What do we learn from this scatterplot?
  - form
  - pattern
  - strength
  - overall takeaway in the context of the data

In [None]:
# Guess the correlation before running this cell
correlation(demographics, 'College%', 'Median Income')

In [None]:
regression_slope = slope(demographics, 'College%', 'Median Income')
regression_intercept = intercept(demographics, 'College%', 'Median Income')
regression_slope, regression_intercept

In [None]:
# Recall, fitted_values takes a table and two column labels
# it returns the array of regression estimates (linear regression)
predicted = fitted_values(demographics, 'College%', 'Median Income')
predicted[:10]

In [None]:
# Add the predictions to our table and make a scatterplot
demographics = demographics.with_column(
    'Linear Prediction', predicted)
demographics.scatter('College%')

In [None]:
# The errors in our predictions are actual values minus predicted values
actual = demographics.column('Median Income')
errors = actual - predicted

In [None]:
# Add the errors to our table
demographics.with_column('Error', errors)

In [None]:
# What's the error, on average?

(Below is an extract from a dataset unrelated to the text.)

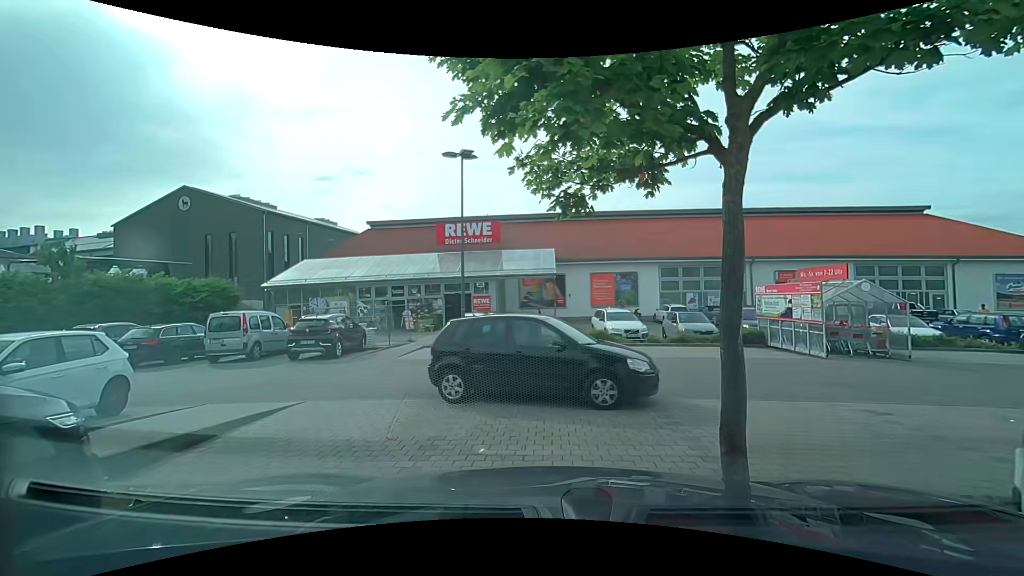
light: Day
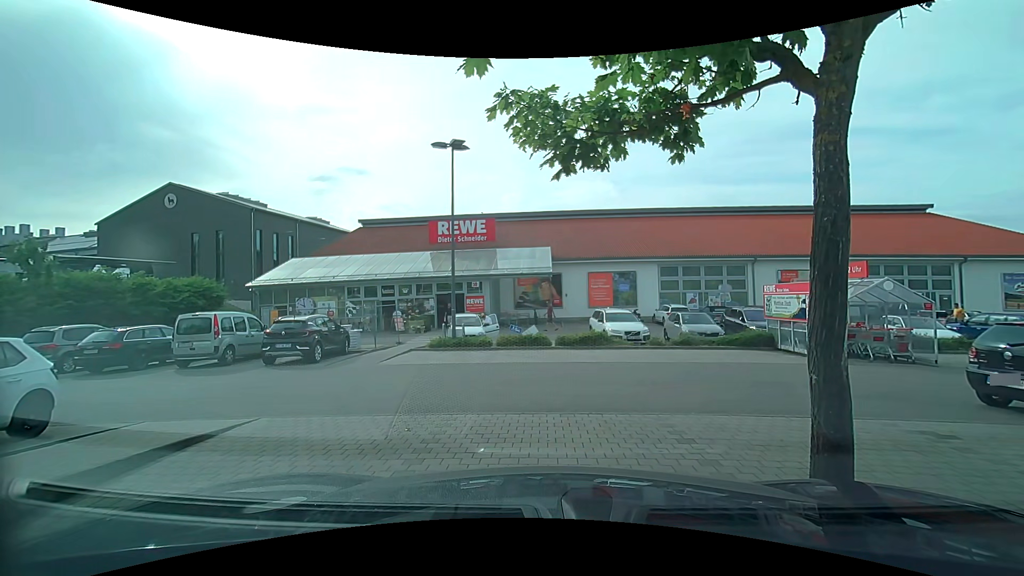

Why?
np.mean(errors)

In [None]:
# Here is the mean squared error, square-rooted 
# This is the usual way to quantify how well the regression line fits the data
# A LOWER R.M.S.E. (root mean square error) is BETTER
np.mean(errors ** 2) ** 0.5

In [None]:
# Visualize some errors
demographics_errors(regression_slope, regression_intercept)

In [None]:
# takes any slope, any intercept

demographics_errors(1500, 20000)

In [None]:
demographics_errors(-1000, 75000)

### Root Mean Square Error ###

In [None]:
show_demographics_rmse(-1000, 75000)

In [None]:
show_demographics_rmse(1500, 20000)

In [None]:
show_demographics_rmse(regression_slope, regression_intercept)

### How to find the best-fitting line?

To find the best-fitting line, we need to choose the slope and intercept that minimize RMSE. Using calculus, folks have proven that the linear regression formulas we've been using actually do this.

The "least squares" regression line (the one that minimizes RMSE) is exactly the "linear regression" line we've already learned to calculate.